[[ Material shown open ]]
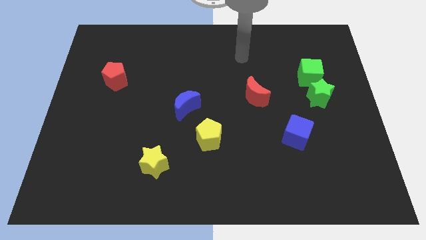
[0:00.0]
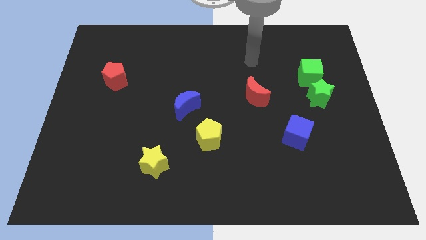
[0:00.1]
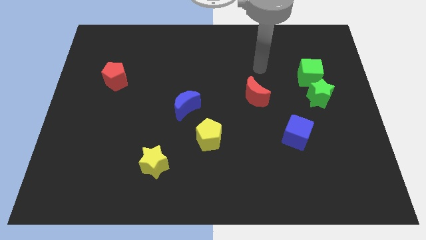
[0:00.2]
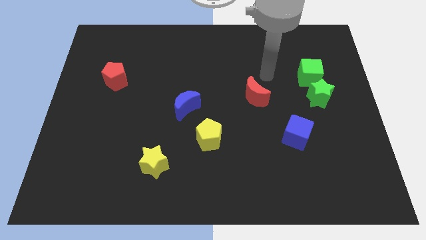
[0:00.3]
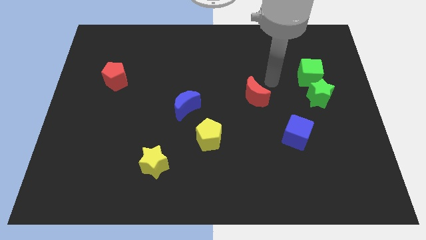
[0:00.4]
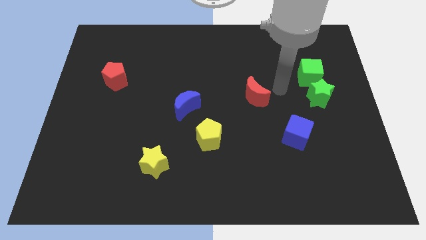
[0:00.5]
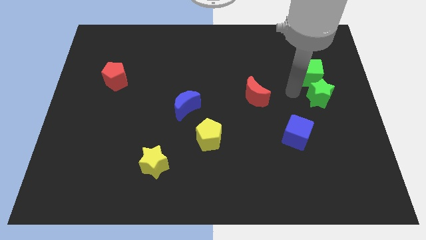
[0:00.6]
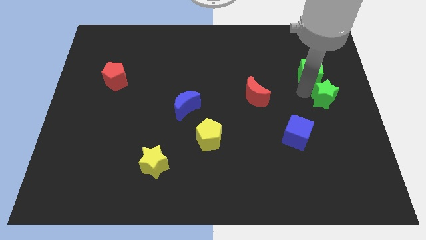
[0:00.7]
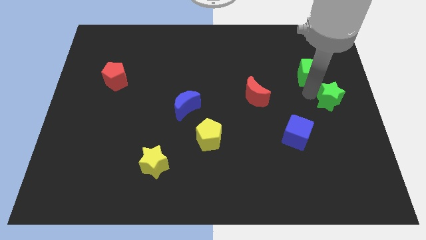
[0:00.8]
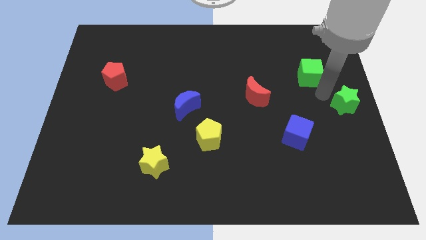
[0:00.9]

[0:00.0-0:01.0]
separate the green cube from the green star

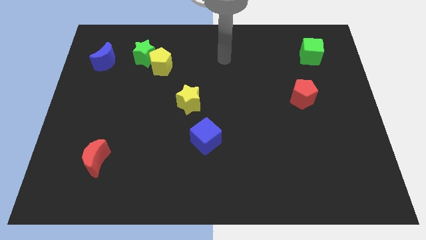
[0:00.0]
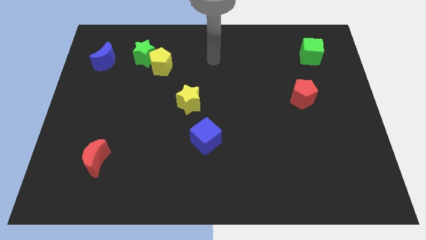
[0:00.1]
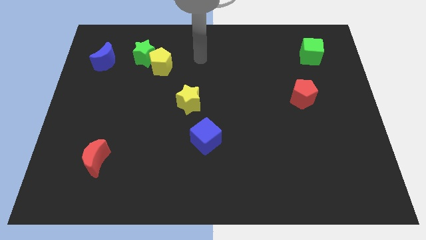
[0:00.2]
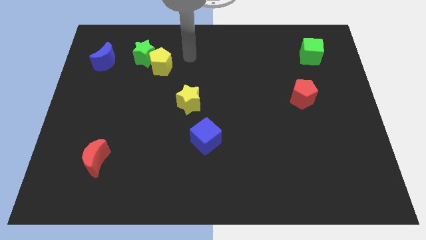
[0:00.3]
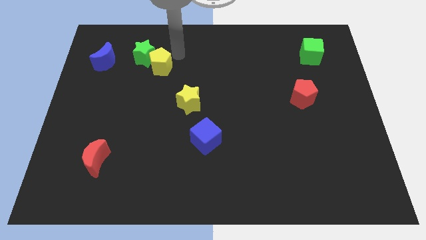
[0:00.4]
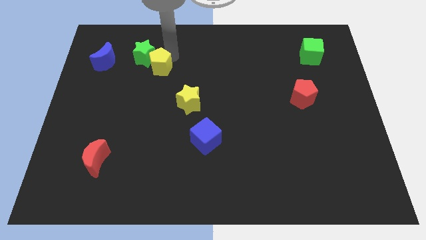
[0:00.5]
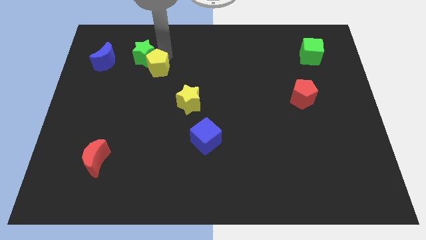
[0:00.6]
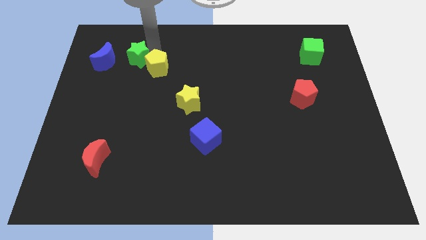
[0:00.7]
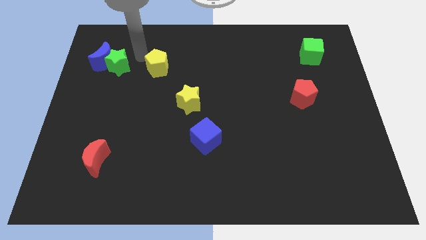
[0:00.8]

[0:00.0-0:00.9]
[[ Material shown closed ]]
### Work request
Exactly as written, return each line above and leave the pictures behind.

### Task response
[0:00.0]
[0:00.1]
[0:00.2]
[0:00.3]
[0:00.4]
[0:00.5]
[0:00.6]
[0:00.7]
[0:00.8]
[0:00.9]

[0:00.0-0:01.0]
separate the green cube from the green star

[0:00.0]
[0:00.1]
[0:00.2]
[0:00.3]
[0:00.4]
[0:00.5]
[0:00.6]
[0:00.7]
[0:00.8]

[0:00.0-0:00.9]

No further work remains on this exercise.